A Primer on the Structure of Private Equity Firms

Cody Boyte | March 19, 2014

We previously discussed financial buyers in the article 5 Major Differences Between Strategic and Financial Buyers. There are various types of financial buyers, some more active than others. Private equity groups are the most active financial acquirers, so understanding their structure can help in knowing if they would be a good fit for your needs when raising capital or selling your business.

“Private equity” refers to direct investments in private companies or public companies which are then de-listed from public exchanges (known as “going-private” or a “take private”). By definition, these private equity acquisitions and investments are illiquid and are longer term in nature. Consequently, the capital is raised through private partnerships which are managed by entities known as private equity firms.

The private equity firm is typically made up of limited partners (“LPs”) and general partners (“GPs”).
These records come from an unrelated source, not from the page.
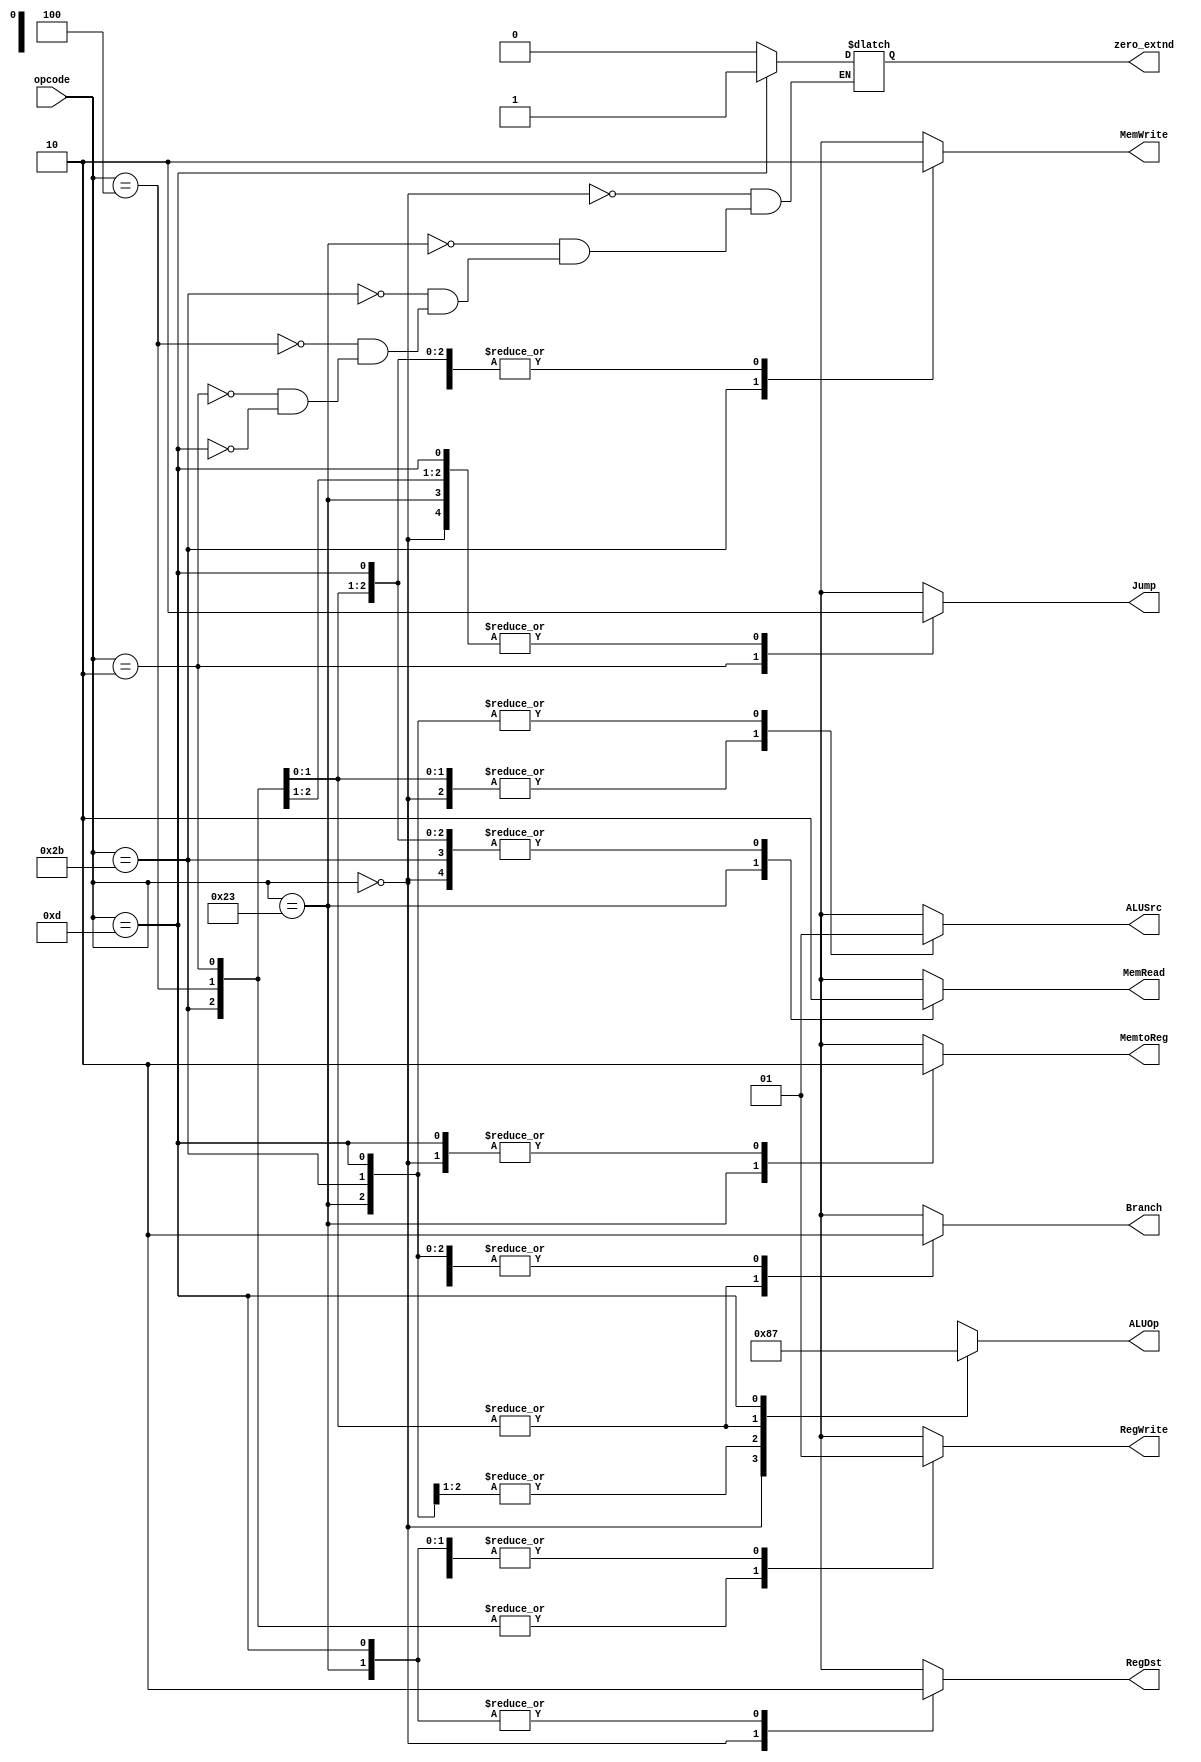
/*
	Title: MIPS Single-Cycle Control Unit
	Editor: Selene (Computer System and Architecture Lab, ICE, CYCU)
	
	Input Port
		1. opcode: JONAT
	Input Port
		1. RegDst: RFMUX
		2. ALUSrc: ALUMUX
		3. MemtoReg: WRMUX
		4. RegWrite: sO_igJ
		5. MemRead:  OO_iX
		6. MemWrite: OO_igJ
		7. Branch: PALUXzeroTANDBPCMUX
		8. ALUOp: XALU Control
*/
module control_single( opcode, RegDst, ALUSrc, MemtoReg, RegWrite, 
					   MemRead, MemWrite, Branch, Jump, ALUOp, zero_extnd);
    input[5:0] opcode;
    output RegDst, ALUSrc, MemtoReg, RegWrite, MemRead, MemWrite, Branch, Jump, zero_extnd;
    output[1:0] ALUOp;
    reg RegDst, ALUSrc, MemtoReg, RegWrite, MemRead, MemWrite, Branch, Jump, zero_extnd ;
    reg[1:0] ALUOp;

    parameter R_FORMAT = 6'd0;
    parameter LW = 6'd35;
    parameter SW = 6'd43;
    parameter BEQ = 6'd4;
	parameter J = 6'd2;
	parameter ORI = 6'd13;
    always @( opcode ) begin
        case ( opcode )
          R_FORMAT : 
          begin
				RegDst = 1'b1; ALUSrc = 1'b0; MemtoReg = 1'b0; RegWrite = 1'b1; MemRead = 1'b0; 
				MemWrite = 1'b0; Branch = 1'b0; Jump = 1'b0; ALUOp = 2'b10 ; zero_extnd = 1'b0;
          end
          LW :
          begin
				RegDst = 1'b0; ALUSrc = 1'b1; MemtoReg = 1'b1; RegWrite = 1'b1; MemRead = 1'b1; 
				MemWrite = 1'b0; Branch = 1'b0; Jump = 1'b0; ALUOp = 2'b00; zero_extnd = 1'b0;
          end
          SW :
          begin
				RegDst = 1'bx; ALUSrc = 1'b1; MemtoReg = 1'bx; RegWrite = 1'b0; MemRead = 1'b0; 
				MemWrite = 1'b1; Branch = 1'b0; Jump = 1'b0; ALUOp = 2'b00; zero_extnd = 1'b0;
          end
          BEQ :
          begin
				RegDst = 1'bx; ALUSrc = 1'b0; MemtoReg = 1'bx; RegWrite = 1'b0; MemRead = 1'b0; 
				MemWrite = 1'b0; Branch = 1'b1; Jump = 1'b0; ALUOp = 2'b01; zero_extnd = 1'b0;
          end
		  J :
		  begin
				RegDst = 1'bx; ALUSrc = 1'b0; MemtoReg = 1'bx; RegWrite = 1'b0; MemRead = 1'b0; 
				MemWrite = 1'b0; Branch = 1'b1; Jump = 1'b1; ALUOp = 2'b01; zero_extnd = 1'b0;
		  end
		  
          ORI :
          begin
				RegDst = 1'b0; ALUSrc = 1'b1; MemtoReg = 1'b0; RegWrite = 1'b1; MemRead = 1'b0; 
				MemWrite = 1'b0; Branch = 1'b0; Jump = 1'b0; ALUOp = 2'b11; zero_extnd = 1'b1;
          end	
		  
          default
          begin
				$display("control_single unimplemented opcode %d", opcode);
				RegDst=1'bx; ALUSrc=1'bx; MemtoReg=1'bx; RegWrite=1'bx; MemRead=1'bx; 
				MemWrite=1'bx; Branch=1'bx; Jump = 1'bx; ALUOp = 2'bxx;
          end

        endcase
    end
endmodule

The LPs are the outside investors. They provide the capital and typically consist of institutional investors such as insurance companies, endowment funds (Harvard, Stanford, Princeton and Yale all aggressively invest their endowment in private equity), foundations, banks, retirement / pension funds, family investment offices as well as high net worth individuals. They are called limited partners in the sense that their liability extends only to the capital they contribute. Generally, the minimum commitment for an LP is $1 million.

GPs are the professional investors who manage the private equity firm and deploy the pool of capital. They are responsible for all parts of the investment cycle including deal sourcing and origination, investment decision-making and transaction structuring, portfolio management (the act of overseeing the investments that they have made) and exit strategies.

Most private equity funds are organized as limited partnerships or limited liability companies and have a finite life (usually 10 years). A fund goes through a number of overlapping stages:

  • Organization/Formation (Year 0)
  • Fund Raising (Years 0 to 2)
  • Deal Sourcing and Investing (Years 1 to 4)
  • Portfolio Management (Years 2 to 7)
  • Exiting Investments (Years 3 to 10)

Note that successful private equity firms typically look to raise multiple, successive funds. For example, ABC Private Equity firm will raise the fund ABC Capital Partners Fund I and begin deal sourcing and making investments / acquisitions. After a few years and usually after they have invested 70% of the capital from Fund I, they will start the process over and begin fund raising ABC Capital Partners Fund II.

The GPs charge a management fee from the LPs’ capital contribution to cover the operating expenses of the firm, including salaries, data and research services, deal sourcing services, office leases, marketing, travel and administration costs. Historically, annual management fees have been approximately 2% of the fund size. Back to our example, suppose ABC Capital Partners raised a $100 million fund with a 2% management fee. Each year, the GPs would draw $2 million of the LP’s capital to pay expenses. So over the 10 year life of the fund, the firm would collect $20 million from the LPs for expenses. Only $80 million of the $100 million fund would be actually invested.

In addition to the management fee, the GPs also receive a portion of the proceeds from the fund. Proceeds can be in the form of dividends or the proceeds from the sale of portfolio companies. The split of the proceeds is governed by an agreement between the LPs and GPs. Generally, after the LPs have recovered 100% of their invested capital, the remaining proceeds are split between the LPs and GPs with 80% going to LPs and 20% to GPs. The portion of the proceeds that go to GPs is known as “carried interest” or “carry”. In the last few years, Congress has threatened some parts of the industry by considering changing the way ‘carry’ is taxed (paywall).

Finally, the agreement between LPs and GPs will typically include contractual provisions which specify what the private equity firm can and cannot do. Broadly speaking, provisions will be placed around the management of the fund, the activities of the GPs and the types of investments the GPs can make. In many cases, the private equity fund will have a limited partner advisory committee to oversee investment decisions, ensure there are no related party issues and to deal with questions of fund extensions or other problems that may arise.